**Problem**
All pictures should be dropped, and only the lines from the top of the entries below through the line containing "A CAD part, front" repeated exactly, both ends included.

Data excerpts
=== Section Start ===
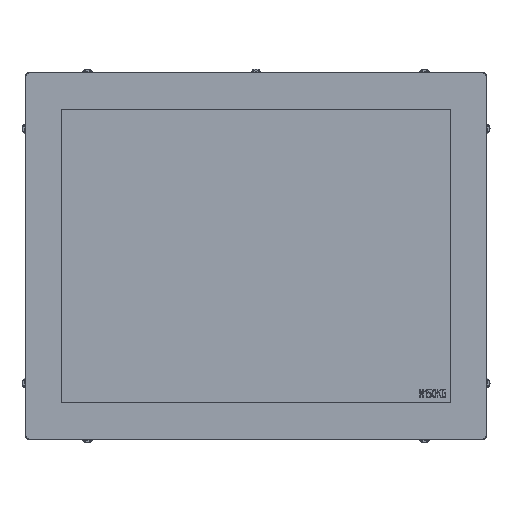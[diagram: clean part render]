
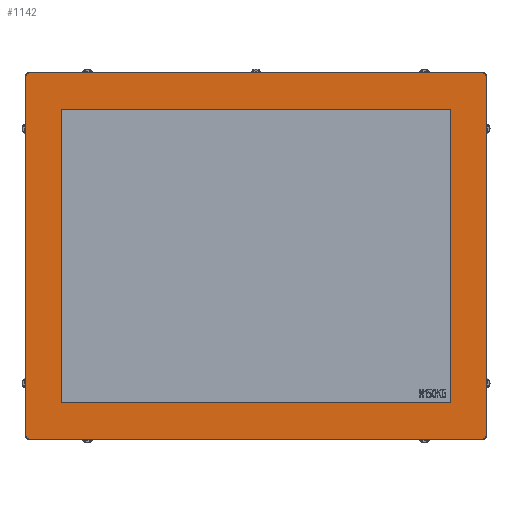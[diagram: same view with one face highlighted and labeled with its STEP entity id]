
A CAD part, front view. The second image highlights one B-rep face of the part: STEP entity #1142.
In plain terms, the highlighted planar face has unit normal (0, -1, 0).
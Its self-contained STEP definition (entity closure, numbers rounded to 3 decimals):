
#1142 = ADVANCED_FACE( '', ( #2562, #2563 ), #2564, .T. );
#2562 = FACE_OUTER_BOUND( '', #4372, .T. );
#2563 = FACE_BOUND( '', #4373, .T. );
#2564 = PLANE( '', #4374 );
#4372 = EDGE_LOOP( '', ( #8059, #8060, #8061, #8062, #8063, #8064, #8065, #8066 ) );
#4373 = EDGE_LOOP( '', ( #8067, #8068, #8069, #8070 ) );
#4374 = AXIS2_PLACEMENT_3D( '', #8071, #8072, #8073 );
#8059 = ORIENTED_EDGE( '', *, *, #12481, .T. );
#8060 = ORIENTED_EDGE( '', *, *, #12711, .T. );
#8061 = ORIENTED_EDGE( '', *, *, #12626, .T. );
#8062 = ORIENTED_EDGE( '', *, *, #11978, .T. );
#8063 = ORIENTED_EDGE( '', *, *, #12712, .T. );
#8064 = ORIENTED_EDGE( '', *, *, #12713, .T. );
#8065 = ORIENTED_EDGE( '', *, *, #12714, .T. );
#8066 = ORIENTED_EDGE( '', *, *, #12715, .T. );
#8067 = ORIENTED_EDGE( '', *, *, #12716, .T. );
#8068 = ORIENTED_EDGE( '', *, *, #12717, .T. );
#8069 = ORIENTED_EDGE( '', *, *, #12718, .T. );
#8070 = ORIENTED_EDGE( '', *, *, #12668, .T. );
#8071 = CARTESIAN_POINT( '', ( 0., -5.5, 0. ) );
#8072 = DIRECTION( '', ( 0., -1., 0. ) );
#8073 = DIRECTION( '', ( 0., 0., -1. ) );
#11978 = EDGE_CURVE( '', #14145, #14143, #14146, .T. );
#12481 = EDGE_CURVE( '', #14954, #14956, #14958, .T. );
#12626 = EDGE_CURVE( '', #15186, #14145, #15187, .T. );
#12668 = EDGE_CURVE( '', #15241, #15242, #15243, .T. );
#12711 = EDGE_CURVE( '', #14956, #15186, #15302, .T. );
#12712 = EDGE_CURVE( '', #14143, #15303, #15304, .T. );
#12713 = EDGE_CURVE( '', #15303, #15305, #15306, .T. );
#12714 = EDGE_CURVE( '', #15305, #15307, #15308, .T. );
#12715 = EDGE_CURVE( '', #15307, #14954, #15309, .T. );
#12716 = EDGE_CURVE( '', #15242, #15310, #15311, .T. );
#12717 = EDGE_CURVE( '', #15310, #15312, #15313, .T. );
#12718 = EDGE_CURVE( '', #15312, #15241, #15314, .T. );
#14143 = VERTEX_POINT( '', #17810 );
#14145 = VERTEX_POINT( '', #17813 );
#14146 = LINE( '', #17814, #17815 );
#14954 = VERTEX_POINT( '', #19836 );
#14956 = VERTEX_POINT( '', #19839 );
#14958 = CIRCLE( '', #19842, 3.5 );
#15186 = VERTEX_POINT( '', #20421 );
#15187 = CIRCLE( '', #20422, 3.5 );
#15241 = VERTEX_POINT( '', #20591 );
#15242 = VERTEX_POINT( '', #20592 );
#15243 = LINE( '', #20593, #20594 );
#15302 = LINE( '', #20699, #20700 );
#15303 = VERTEX_POINT( '', #20701 );
#15304 = CIRCLE( '', #20702, 3.5 );
#15305 = VERTEX_POINT( '', #20703 );
#15306 = LINE( '', #20704, #20705 );
#15307 = VERTEX_POINT( '', #20706 );
#15308 = CIRCLE( '', #20707, 3.5 );
#15309 = LINE( '', #20708, #20709 );
#15310 = VERTEX_POINT( '', #20710 );
#15311 = LINE( '', #20711, #20712 );
#15312 = VERTEX_POINT( '', #20713 );
#15313 = LINE( '', #20714, #20715 );
#15314 = LINE( '', #20716, #20717 );
#17810 = CARTESIAN_POINT( '', ( 181.05, -5.5, 140.55 ) );
#17813 = CARTESIAN_POINT( '', ( 181.05, -5.5, -140.55 ) );
#17814 = CARTESIAN_POINT( '', ( 181.05, -5.5, 140.55 ) );
#17815 = VECTOR( '', #23497, 1000. );
#19836 = CARTESIAN_POINT( '', ( -181.05, -5.5, -140.55 ) );
#19839 = CARTESIAN_POINT( '', ( -177.55, -5.5, -144.05 ) );
#19842 = AXIS2_PLACEMENT_3D( '', #23872, #23873, #23874 );
#20421 = CARTESIAN_POINT( '', ( 177.55, -5.5, -144.05 ) );
#20422 = AXIS2_PLACEMENT_3D( '', #23924, #23925, #23926 );
#20591 = CARTESIAN_POINT( '', ( -152.95, -5.5, -114.9 ) );
#20592 = CARTESIAN_POINT( '', ( -152.95, -5.5, 114.9 ) );
#20593 = CARTESIAN_POINT( '', ( -152.95, -5.5, -114.9 ) );
#20594 = VECTOR( '', #23943, 1000. );
#20699 = CARTESIAN_POINT( '', ( 177.55, -5.5, -144.05 ) );
#20700 = VECTOR( '', #23962, 1000. );
#20701 = CARTESIAN_POINT( '', ( 177.55, -5.5, 144.05 ) );
#20702 = AXIS2_PLACEMENT_3D( '', #23963, #23964, #23965 );
#20703 = CARTESIAN_POINT( '', ( -177.55, -5.5, 144.05 ) );
#20704 = CARTESIAN_POINT( '', ( -177.55, -5.5, 144.05 ) );
#20705 = VECTOR( '', #23966, 1000. );
#20706 = CARTESIAN_POINT( '', ( -181.05, -5.5, 140.55 ) );
#20707 = AXIS2_PLACEMENT_3D( '', #23967, #23968, #23969 );
#20708 = CARTESIAN_POINT( '', ( -181.05, -5.5, -140.55 ) );
#20709 = VECTOR( '', #23970, 1000. );
#20710 = CARTESIAN_POINT( '', ( 152.95, -5.5, 114.9 ) );
#20711 = CARTESIAN_POINT( '', ( -152.95, -5.5, 114.9 ) );
#20712 = VECTOR( '', #23971, 1000. );
#20713 = CARTESIAN_POINT( '', ( 152.95, -5.5, -114.9 ) );
#20714 = CARTESIAN_POINT( '', ( 152.95, -5.5, 114.9 ) );
#20715 = VECTOR( '', #23972, 1000. );
#20716 = CARTESIAN_POINT( '', ( 152.95, -5.5, -114.9 ) );
#20717 = VECTOR( '', #23973, 1000. );
#23497 = DIRECTION( '', ( 0., 0., 1. ) );
#23872 = CARTESIAN_POINT( '', ( -177.55, -5.5, -140.55 ) );
#23873 = DIRECTION( '', ( 0., -1., 0. ) );
#23874 = DIRECTION( '', ( 0., 0., -1. ) );
#23924 = CARTESIAN_POINT( '', ( 177.55, -5.5, -140.55 ) );
#23925 = DIRECTION( '', ( 0., -1., 0. ) );
#23926 = DIRECTION( '', ( 0., 0., -1. ) );
#23943 = DIRECTION( '', ( 0., 0., 1. ) );
#23962 = DIRECTION( '', ( 1., 0., 0. ) );
#23963 = CARTESIAN_POINT( '', ( 177.55, -5.5, 140.55 ) );
#23964 = DIRECTION( '', ( 0., -1., 0. ) );
#23965 = DIRECTION( '', ( 0., 0., -1. ) );
#23966 = DIRECTION( '', ( -1., 0., 0. ) );
#23967 = CARTESIAN_POINT( '', ( -177.55, -5.5, 140.55 ) );
#23968 = DIRECTION( '', ( 0., -1., 0. ) );
#23969 = DIRECTION( '', ( 0., 0., -1. ) );
#23970 = DIRECTION( '', ( 0., 0., -1. ) );
#23971 = DIRECTION( '', ( 1., 0., 0. ) );
#23972 = DIRECTION( '', ( 0., 0., -1. ) );
#23973 = DIRECTION( '', ( -1., 0., 0. ) );
=== Section End ===
**Exercise answer**
[diagram: clean part render]
[diagram: same view with one face highlighted and labeled with its STEP entity id]
A CAD part, front view. The second image highlights one B-rep face of the part: STEP entity #1142.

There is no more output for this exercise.